### [WHAT YOU SHOULD DO]
Copy out each line below that has the word "Jean" in it.

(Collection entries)
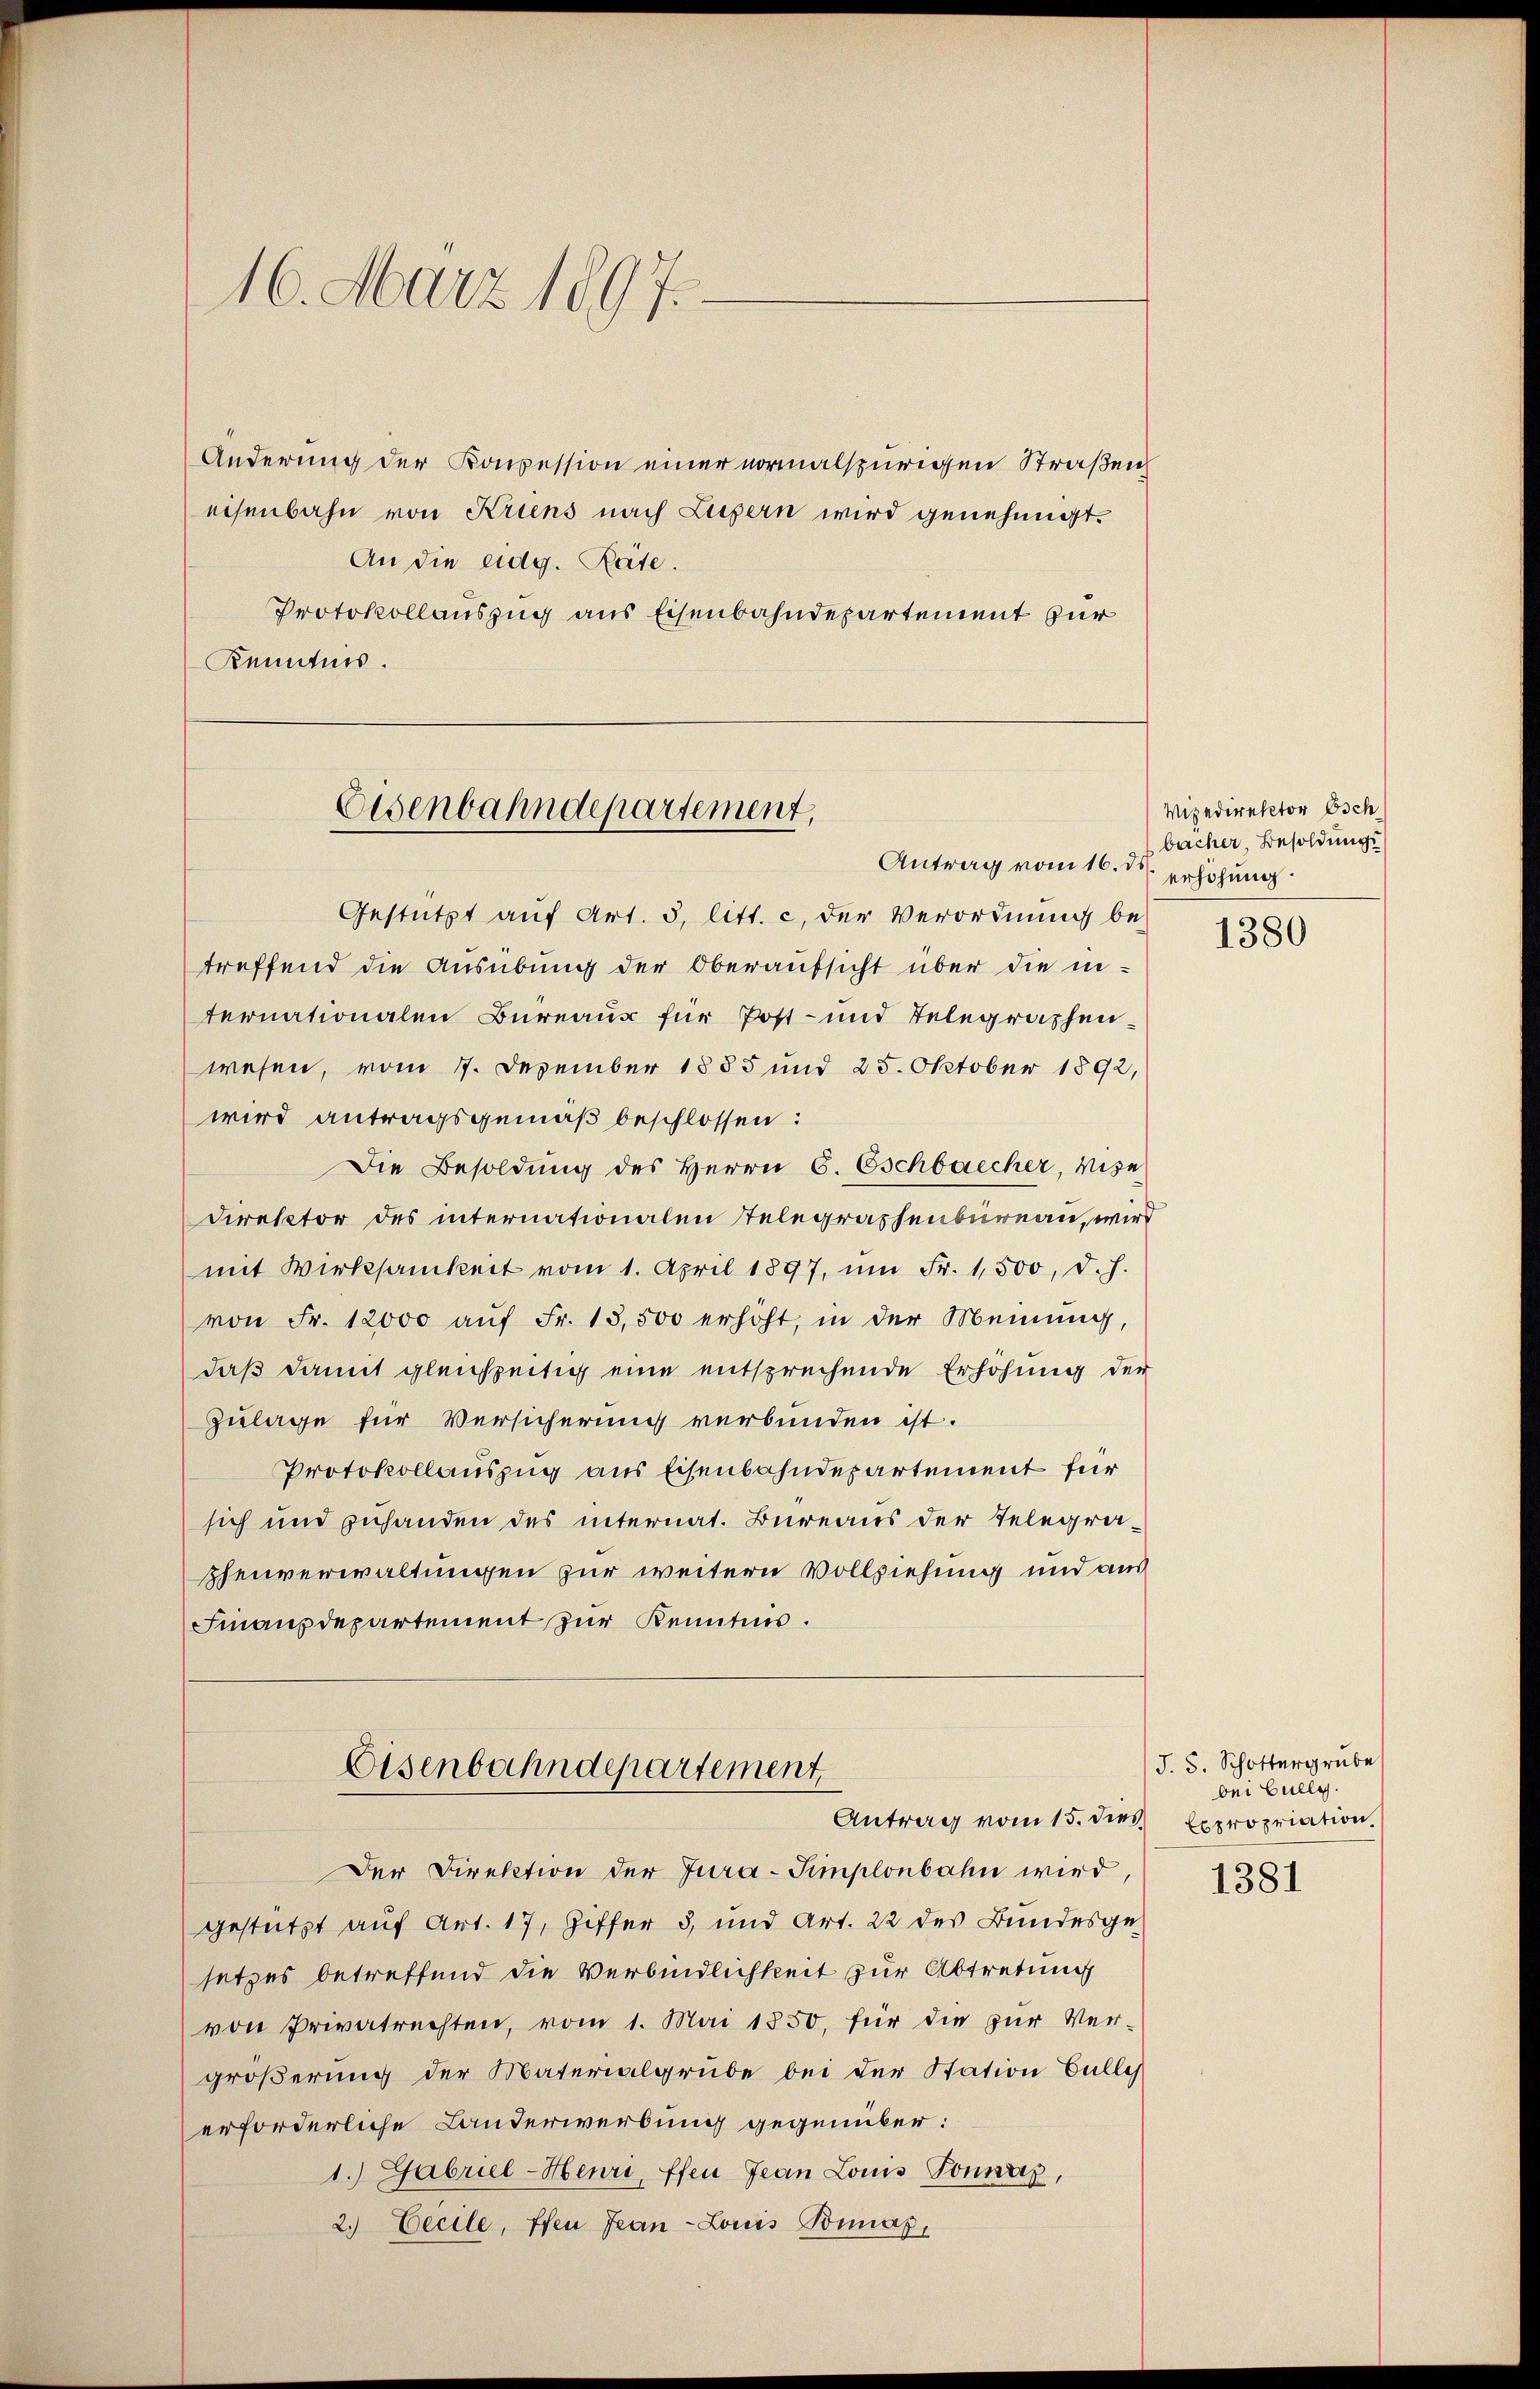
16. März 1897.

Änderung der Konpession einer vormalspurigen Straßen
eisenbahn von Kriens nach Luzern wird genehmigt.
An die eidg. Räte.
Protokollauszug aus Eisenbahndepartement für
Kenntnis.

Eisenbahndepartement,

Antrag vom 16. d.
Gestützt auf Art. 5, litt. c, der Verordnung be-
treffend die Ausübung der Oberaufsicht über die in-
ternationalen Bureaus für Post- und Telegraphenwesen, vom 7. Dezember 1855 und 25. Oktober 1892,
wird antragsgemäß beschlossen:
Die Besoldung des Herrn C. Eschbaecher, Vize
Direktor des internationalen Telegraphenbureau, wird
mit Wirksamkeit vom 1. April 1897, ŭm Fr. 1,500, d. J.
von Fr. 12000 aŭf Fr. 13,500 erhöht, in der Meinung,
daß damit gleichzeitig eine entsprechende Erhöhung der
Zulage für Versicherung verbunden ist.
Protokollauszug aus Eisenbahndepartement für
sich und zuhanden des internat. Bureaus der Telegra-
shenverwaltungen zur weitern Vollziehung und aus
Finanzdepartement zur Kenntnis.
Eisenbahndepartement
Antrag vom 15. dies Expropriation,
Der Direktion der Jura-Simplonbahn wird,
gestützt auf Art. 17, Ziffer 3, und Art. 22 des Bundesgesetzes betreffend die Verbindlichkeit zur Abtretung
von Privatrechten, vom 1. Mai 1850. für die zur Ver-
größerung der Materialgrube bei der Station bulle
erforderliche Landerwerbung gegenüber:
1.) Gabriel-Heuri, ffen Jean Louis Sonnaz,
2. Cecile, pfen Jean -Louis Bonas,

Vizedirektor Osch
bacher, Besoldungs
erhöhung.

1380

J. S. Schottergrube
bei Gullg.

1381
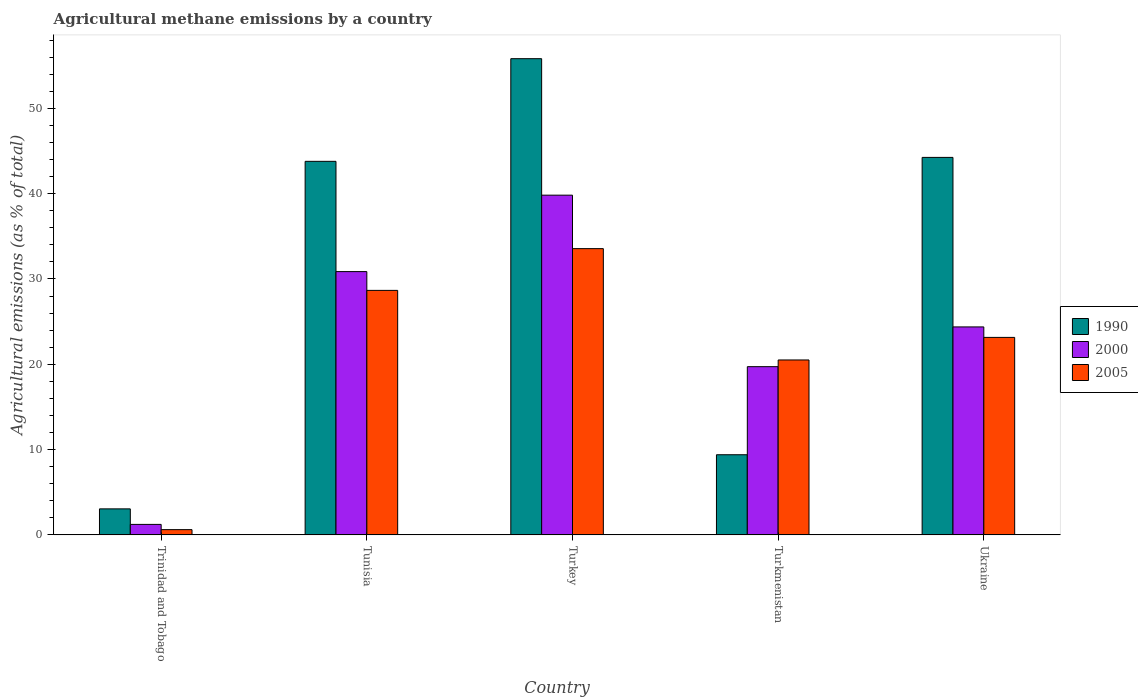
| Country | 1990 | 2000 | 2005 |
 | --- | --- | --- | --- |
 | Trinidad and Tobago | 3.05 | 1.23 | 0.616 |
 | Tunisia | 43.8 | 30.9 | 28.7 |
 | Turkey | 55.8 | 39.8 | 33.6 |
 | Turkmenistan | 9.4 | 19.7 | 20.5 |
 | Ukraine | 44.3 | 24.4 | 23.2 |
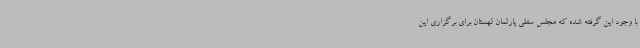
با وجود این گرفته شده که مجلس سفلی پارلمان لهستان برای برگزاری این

### [SOLUTION FOR THIS PROBLEM]
1.) Gabriel-Heuri, ffen Jean Louis Sonnaz,
2. Cecile, pfen Jean -Louis Bonas,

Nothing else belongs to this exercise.